Para que o material genético de função

terapêutica chegue ao núcleo das células-alvo, é

necessária a utilização de um vetor. Os mais

utilizados são os vírus (geralmente adenovírus ou

retrovírus), embora l ipossoma, células

geneticamente modificadas e injeção direta no

tecido também sejam meios possíveis de se

introduzir o material genético. É evidente que os

vírus usados como vetor são modificados em

laboratório, e todo o procedimento é

rigorosamente controlado. Os seus genes

patogênicos são retirados ou modificados e o(s)

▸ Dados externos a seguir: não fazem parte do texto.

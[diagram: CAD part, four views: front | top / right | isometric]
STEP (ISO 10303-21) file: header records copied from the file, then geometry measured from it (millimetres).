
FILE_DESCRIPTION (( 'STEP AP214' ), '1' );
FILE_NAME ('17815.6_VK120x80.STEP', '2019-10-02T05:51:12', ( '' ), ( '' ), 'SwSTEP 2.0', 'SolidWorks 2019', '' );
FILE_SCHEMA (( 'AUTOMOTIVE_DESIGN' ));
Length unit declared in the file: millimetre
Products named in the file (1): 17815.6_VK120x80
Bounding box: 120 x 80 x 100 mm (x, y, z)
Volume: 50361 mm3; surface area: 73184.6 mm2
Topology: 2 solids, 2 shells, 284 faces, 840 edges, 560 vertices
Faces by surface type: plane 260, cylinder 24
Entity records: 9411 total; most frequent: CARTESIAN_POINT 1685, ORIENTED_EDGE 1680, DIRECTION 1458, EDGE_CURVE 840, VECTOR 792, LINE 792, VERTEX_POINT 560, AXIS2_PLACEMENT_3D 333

gene(s) terapêutico(s) é(são) inserido(s) em seu

genoma. Assim o vírus mantém sua capacidade de

reconhecimento, adesão e invasão da célula, bem

como de utilizar a maquinaria molecular da célula

do hospedeiro para expressar seus genes e

produzir suas proteínas. O resultado de tal

procedimento é a produção das proteínas

terapêuticas sem que haja produção das proteínas

que conferem virulência ao vírus.

Uma revisão de 2006 afirma que cerca de

3000 pacientes já receberam algum tipo de terapia

gênica. Diversas doenças foram tratadas, incluindo

disfunções endoteliais ligadas à doença

coronariana, hemofilia, imunodeficiência e

cânceres. De um modo geral a terapia gênica tem

trazido bons resultados, e seus efeitos colaterais

parecem ser reduzidos a um número pequeno de

pacientes, o que é um indicativo animador da

segurança do tratamento. De qualquer forma, os

cuidados que devem ser tomados com esses

procedimentos, bem como os testes de certificação

da segurança das preparações são muitos, e muito

rigorosos.

Apesar disso, restam ainda muitas dúvidas

a respeito dos efeitos colaterais da terapia gênica.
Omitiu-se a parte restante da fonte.